Saturday, December 17, 2005

beginings

time to start planning again. its been about 1 month of blank space now. well i did want some free time, but perhaps it should not spin out of control.

its time to start something new. what i really want is to work on project basis, where i only need to work on ONE exciting project. a project that needs me to do some extensive research, research that really means something.. research that brings some new insights to forefront. and then some eally exciting design work. don't know if i want to be in delhi for this or not.

need to start looking.

Friday, December 09, 2005

music

a few days ago i went for a small music concert...
they did all kinds of music, the singers were very obviously enjoying themselves. the beat was fun, and i strangely could not keep the tears out of my eyes. Instead of simpy enjoying a good concert, i felt left out.

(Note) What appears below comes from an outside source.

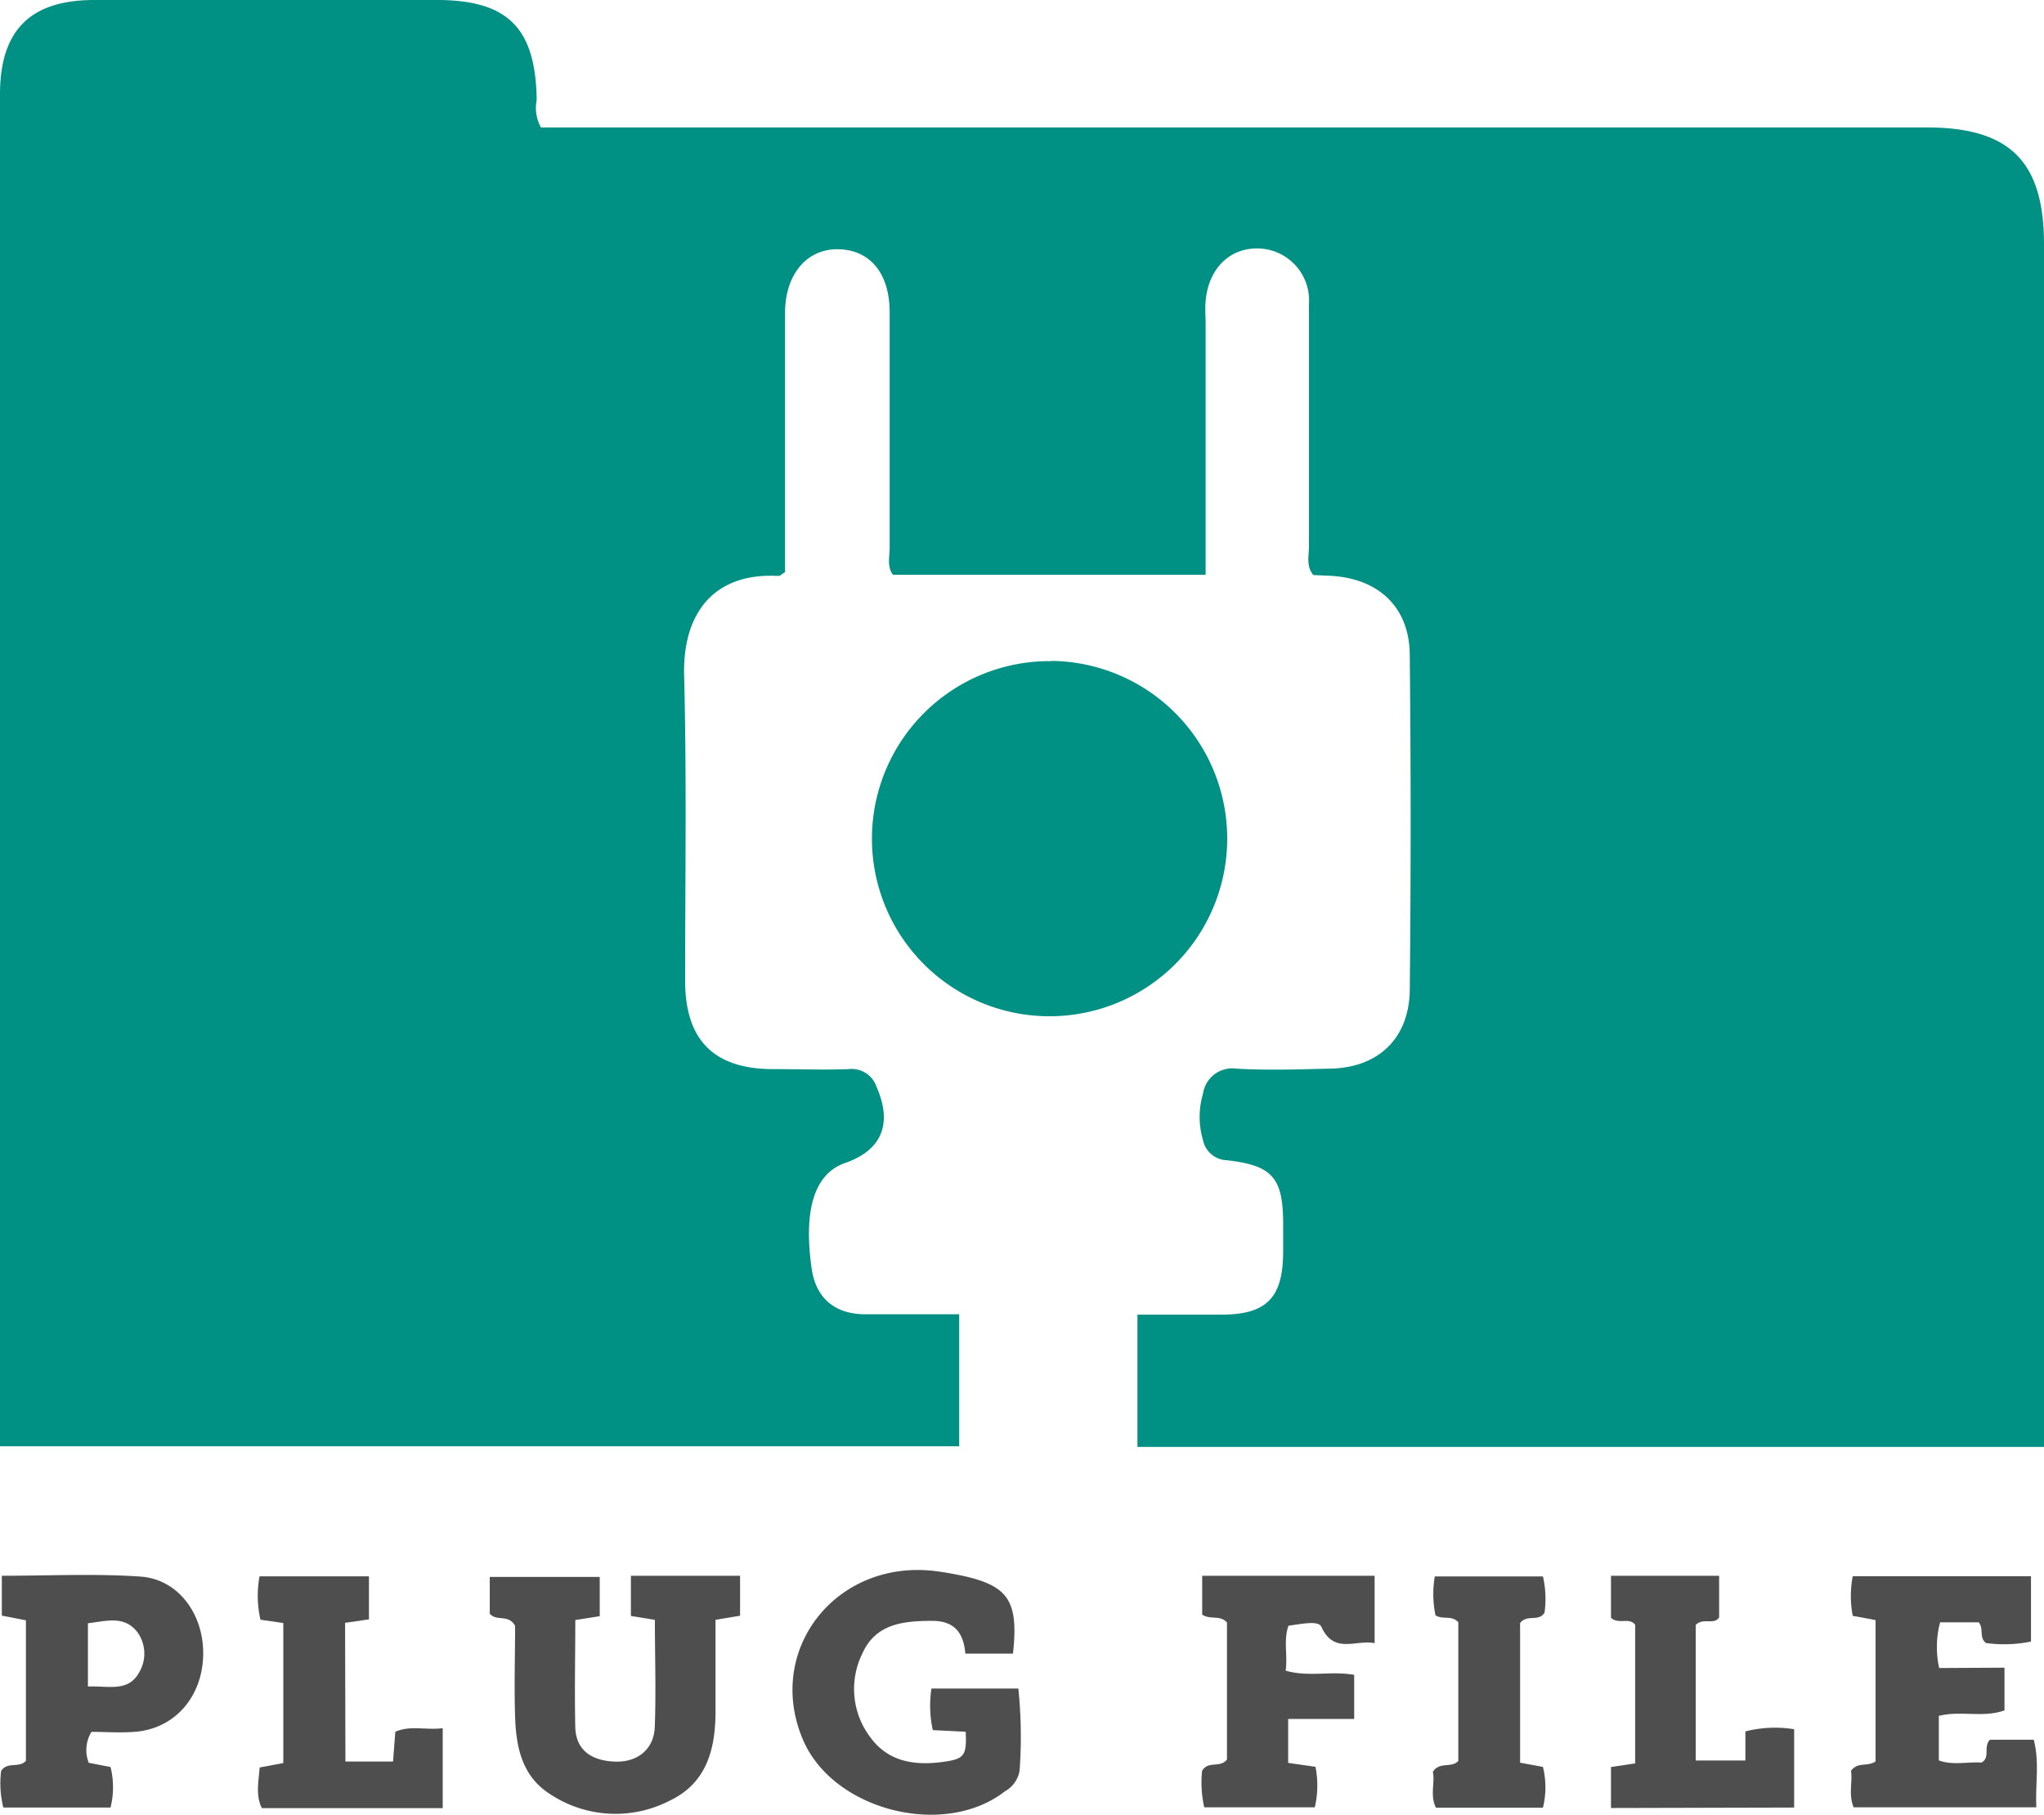 <svg id="ae775d33-5cac-4c09-8f1e-534ca119eea2" data-name="Layer 1" xmlns="http://www.w3.org/2000/svg" viewBox="0 0 179 158.93"><defs><style>.a956d036-9e4a-44f4-8492-8229b231c0ae{fill:#019084;}.a36af2f2-7a49-40c1-93ae-642270f837f8{fill:#4e4e4e;}</style></defs><path class="a956d036-9e4a-44f4-8492-8229b231c0ae" d="M47.37,11.16H168.73c7.3,0,10.27,3,10.27,10.24V126.72H99.61V115.13c2.41,0,4.9,0,7.38,0,3.92,0,5.35-1.48,5.38-5.41v-2.51c0-4.06-.92-5.14-4.92-5.6a2.21,2.21,0,0,1-2.1-1.76,7.19,7.19,0,0,1,0-4.06,2.59,2.59,0,0,1,2.94-2.2c2.67.15,5.34.07,8,0,4.33,0,7.12-2.59,7.17-6.9q.15-14.62,0-29.26c0-4.21-2.68-6.75-6.89-7l-1.56-.07c-.64-.79-.38-1.66-.38-2.47,0-7.09,0-14.18,0-21.26a4.55,4.55,0,0,0-4.4-4.87c-2.54-.08-4.41,1.77-4.65,4.62-.06.68,0,1.37,0,2.06V50.34H78.2c-.55-.74-.28-1.61-.29-2.41,0-6.86,0-13.72,0-20.58,0-3.39-1.69-5.45-4.46-5.52S68.76,24,68.75,27.39c0,6.79,0,13.57,0,20.35v2.37c-.32.19-.44.33-.56.33-5.78-.32-8.41,3.38-8.28,8.7C60.14,68.05,60,77,60,85.89c0,5.2,2.52,7.73,7.69,7.74,2.21,0,4.43.08,6.63,0a2.29,2.29,0,0,1,2.45,1.58c1.41,3.2.45,5.53-2.76,6.64-2.68.93-3.67,4.08-2.93,9.25.37,2.56,2,4,4.71,4,2,0,4,0,6,0H84v11.56H0V8.27C0,2.67,2.63,0,8.26,0q15,0,30,0C44.48,0,46.91,2.46,47,8.74A3.58,3.58,0,0,0,47.37,11.16Z"/><path class="a956d036-9e4a-44f4-8492-8229b231c0ae" d="M92.09,57.88A15.55,15.55,0,1,1,91.73,89a15.55,15.55,0,1,1,.36-31.1Z"/><path class="a36af2f2-7a49-40c1-93ae-642270f837f8" d="M57.35,141.86l-2.1-.34V138h9.56v3.5l-2.15.36c0,2.67,0,5.32,0,8,0,3.29-.75,6.28-4,7.83a10.35,10.35,0,0,1-10.46-.55c-2.45-1.54-3-4.06-3.09-6.75s0-5.48,0-8c-.58-1.07-1.61-.35-2.22-1.07v-3.22h9.63v3.44l-2.14.34c0,3.18-.07,6.28,0,9.39.06,2.05,1.47,2.9,3.35,3,2,.13,3.52-1,3.61-3C57.46,148.2,57.35,145.09,57.35,141.86Z"/><path class="a36af2f2-7a49-40c1-93ae-642270f837f8" d="M88.71,144.82H84.54c-.15-1.72-.87-2.86-2.87-2.87-2.57,0-5,.24-6.17,2.9a7,7,0,0,0,.76,7.35c1.65,2.22,4.1,2.45,6.61,2.06,1.61-.25,1.79-.62,1.7-2.6l-2.88-.14a9.89,9.89,0,0,1-.12-3.64h7.61a40.85,40.85,0,0,1,.11,7.17A2.55,2.55,0,0,1,88,156.88c-5.31,4.14-15,1.68-17.66-4.47-3.37-7.8,2.76-15.78,11.41-14.84.75.09,1.51.22,2.25.37C88.3,138.82,89.22,140.14,88.71,144.82Z"/><path class="a36af2f2-7a49-40c1-93ae-642270f837f8" d="M175.54,146.05v3.74c-1.86.67-3.8,0-5.75.48v3.9c1.21.45,2.51.11,3.74.19.8-.46.13-1.34.73-2h3.84c.52,1.93.13,3.86.23,5.92h-16c-.47-1.11-.08-2.24-.23-3.2.6-.81,1.43-.33,2.15-.82V141.88l-2-.37a9.2,9.2,0,0,1,0-3.47h15.61v5.72a11.61,11.61,0,0,1-3.94.13c-.63-.49-.17-1.22-.63-1.81H169.9a8.49,8.49,0,0,0-.08,4Z"/><path class="a36af2f2-7a49-40c1-93ae-642270f837f8" d="M7.77,154.38l1.91.37a7.35,7.35,0,0,1,0,3.55H.29a8.78,8.78,0,0,1-.19-3.21c.56-.85,1.55-.21,2.17-.88V141.9l-2.11-.41V138c4.09,0,8.12-.2,12.12.07,3.38.22,5.64,3.39,5.51,7s-2.53,6.34-6,6.6c-1.29.1-2.58,0-3.78,0A3.06,3.06,0,0,0,7.77,154.38ZM7.7,147.7c1.78-.08,3.54.53,4.5-1.26a3.21,3.21,0,0,0-.14-3.46c-1.15-1.55-2.79-1-4.36-.82Z"/><path class="a36af2f2-7a49-40c1-93ae-642270f837f8" d="M105.28,141.4V138h15.1v5.9c-1.69-.32-3.55,1-4.67-1.44-.26-.58-1.85-.21-2.87-.09-.46,1.27-.06,2.57-.25,3.94,2,.59,4,0,6,.37v3.86h-5.78v3.85l2.39.34a8.34,8.34,0,0,1-.06,3.55h-9.68a9.92,9.92,0,0,1-.19-3.19c.54-.93,1.57-.21,2.18-1v-12C106.82,141.4,106,141.89,105.28,141.4Z"/><path class="a36af2f2-7a49-40c1-93ae-642270f837f8" d="M30.25,154.27h4.17l.2-2.61c1.33-.58,2.68-.12,4.15-.31v7H22.93c-.55-1.11-.29-2.28-.19-3.56l2.07-.39V142.14l-2-.29a9.35,9.35,0,0,1-.08-3.8h9.58v3.77l-2.09.3Z"/><path class="a36af2f2-7a49-40c1-93ae-642270f837f8" d="M141.08,158.34v-3.59l2.12-.32V142.3c-.51-.7-1.46,0-2.12-.62V138h9.47v3.64c-.41.7-1.42,0-2.05.67v11.87h4.35v-2.55a10.55,10.55,0,0,1,4.27-.19v6.86Z"/><path class="a36af2f2-7a49-40c1-93ae-642270f837f8" d="M135.12,138.06a8.7,8.7,0,0,1,.14,3.16c-.49.85-1.53.12-2.14.92v12.23l2,.37a7.43,7.43,0,0,1,0,3.57h-9.37c-.54-1.07-.07-2.21-.27-3.14.61-.93,1.59-.29,2.23-.95V142.07c-.58-.65-1.38-.19-2-.61a9.16,9.16,0,0,1-.06-3.4Z"/></svg>

Something i had not let myself think about for so long, just lunged at me from the stage...

where has all the music in my life gone? if i dared to be honest, wouldn't i still love to sing... wouldn't i love to part of this group that was creating all of that...

ever since i lost my voice i just locked the whole world of music and stayed away from it... but what should i do? i miss it so much..

and since i have opened this crazy pandora's box.... out come the same old questions...there are so many things i want to do, so many things that i could become briliant at, if i gave it its due time... but why do i just never stick to ANY one of my fancies for long enough? its almost as if while i begin to become good at one thing, a crazy fear siezes me that i'm loosing out on everything else... i move on, and pick something else... and the cycle repeats...

is this the way it is always going to be?